In the crowd around them, who have come to meditate, many fear that a new campaign of terror will bruise Turkey, seven months before the presidential and legislative elections scheduled for June 2023.

Behind, in indifference, two cleaning ladies suck up, with their backs bent, the broken glass which still litters the floor of the fashion store whose windows have been partly blown away by the explosion.

Istiklal Avenue, 1.4 kilometers of cobblestones lined with shops, restaurants and where many European consulates sit, was washed away overnight.

Where bodies lay shortly after 4:20 p.m. Sunday (1:20 p.m. GMT), plus a trace of blood. The mixture of earth, stone and glass propelled for meters around has also disappeared.

The pedestrian artery reopened entirely on Monday morning, ready to absorb as usual the streams of Turks and tourists who pour into it until late every day of the year.

With one detail: the dozens of small benches installed at regular intervals all along the avenue were removed before daybreak, a sign that the authorities fear the possibility of a new attack.

It is on one of them, leaning against a planter, that a woman - arrested during the night and who says she acted on behalf of the Kurdistan Workers' Party (PKK) according to the Turkish police - dropped off "a bag" on Sunday afternoon.

Just before the big boom and the cries of fear and panic.

- "We live in fear" -

"We need more security!", thunders Idris Cetinkaya, employee of a hotel in the neighborhood who came to attend the meditation.

"The police just searched my bag when I arrived, but it's the first time in a year. There are millions of people coming here, anything can happen at any second!"

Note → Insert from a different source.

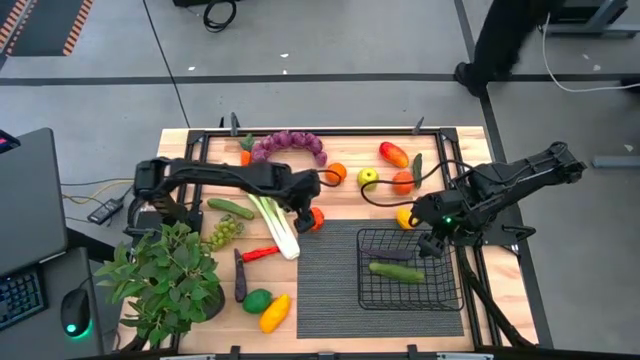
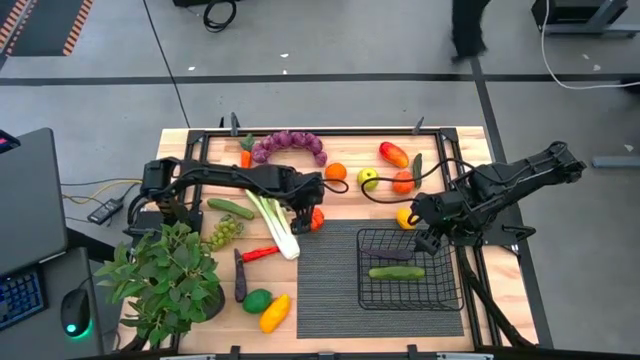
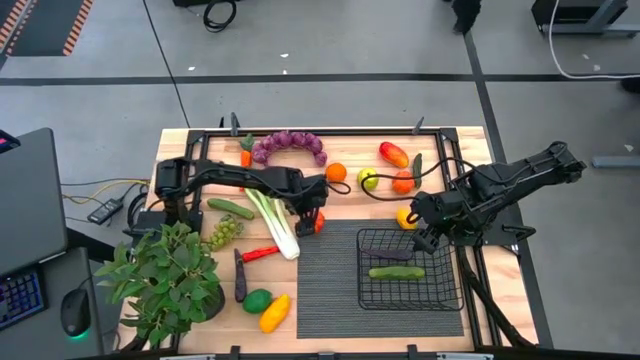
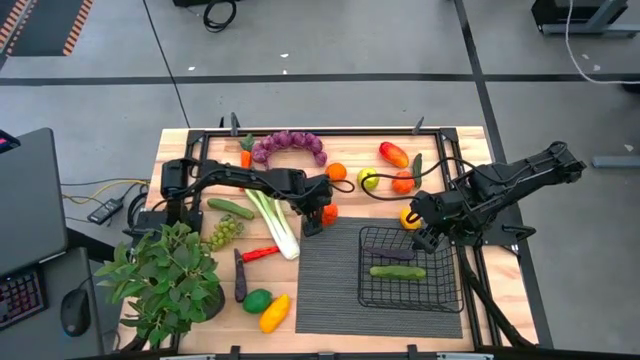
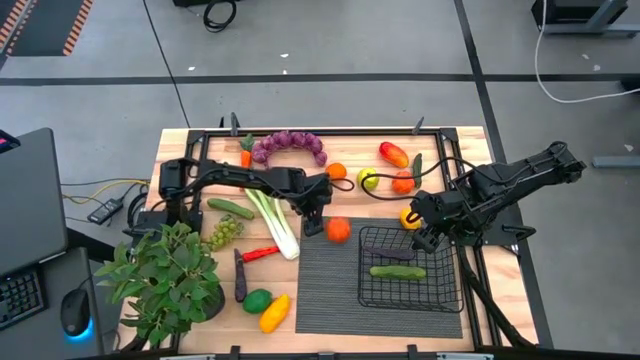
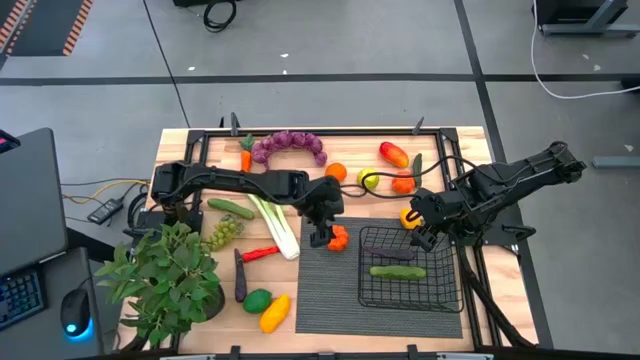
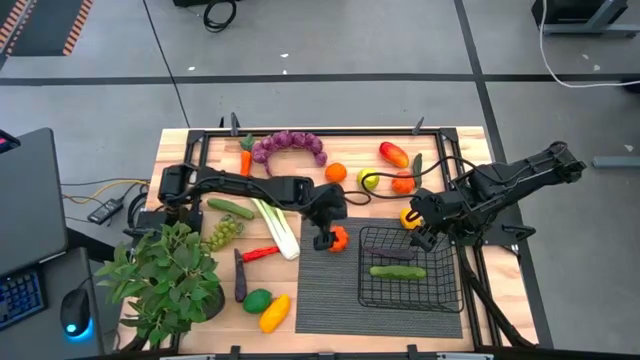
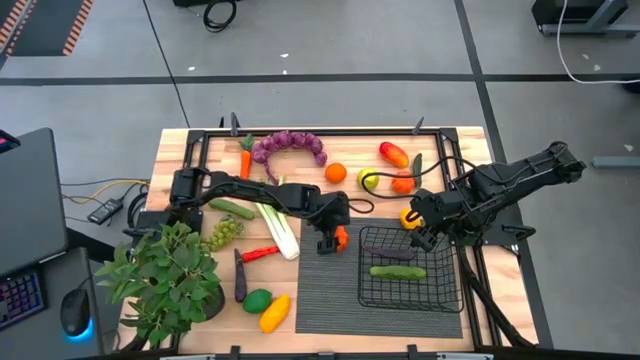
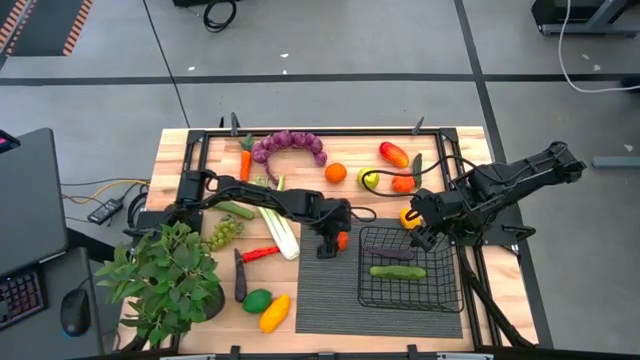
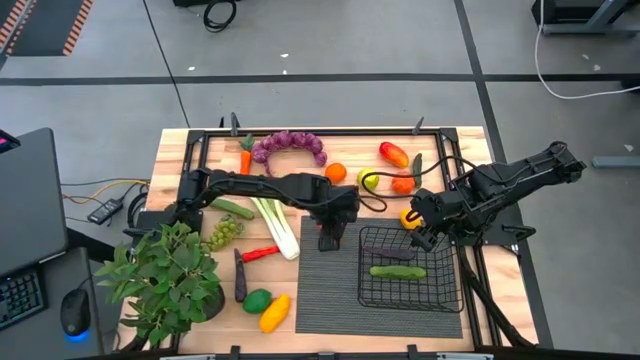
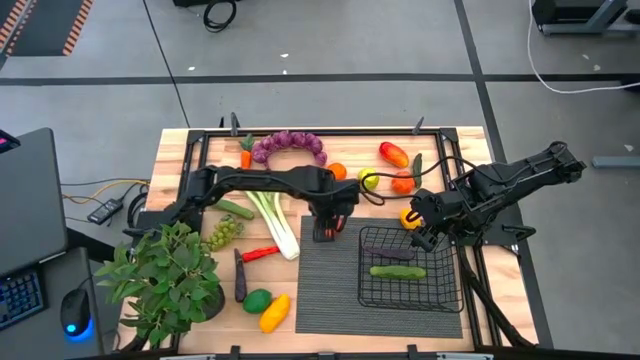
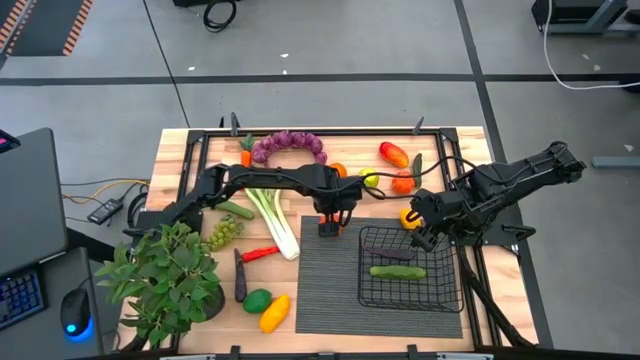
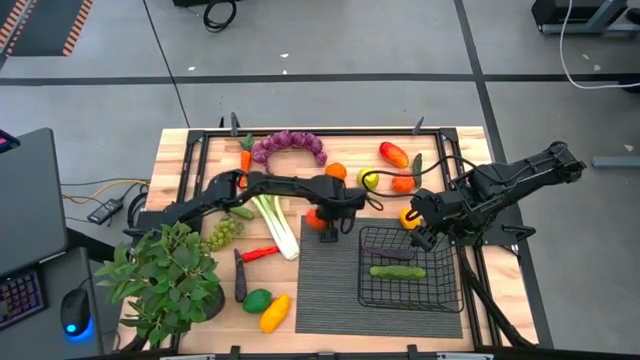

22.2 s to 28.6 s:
Task: Build produce basket
Put the bottom tangerine into the wire basket

The approach of the elections is not to reassure him: an explosion "can take place again, on any busy street or in Sultanahmet", the historic peninsula of Istanbul where tourists flock all year round from the world whole, dreads the fifty-year-old.

In 2016-2017, a series of attacks claimed by the jihadist group Islamic State (IS) and Kurdish fighters had bereaved the largest city of Turkey.

“We live in fear”, abounds Kemal Öztürk, 42 ​​years old. "During an election period, [a new attack] can happen. It can happen here or in any city."

"I'm not afraid. It's over, it's like that", sweeps away an elderly trader, black beret and velvet pants, indifferent to the cameras and the officials who swirl five meters away. the.

In his tiny neighboring shop, Mecit Bal, which sells tobacco and chocolate, observes the comings and goings with reddened eyes.

"I left 30 minutes before the explosion yesterday. My son was there. He called me: Dad, an explosion has taken place," the 60-year-old told AFP.

He also fears that a new attack could take place at any time.

But for the time being, the trader is mainly worried about his son: "he is not going to come back to work today, and I don't know when he will come back. He is psychologically affected".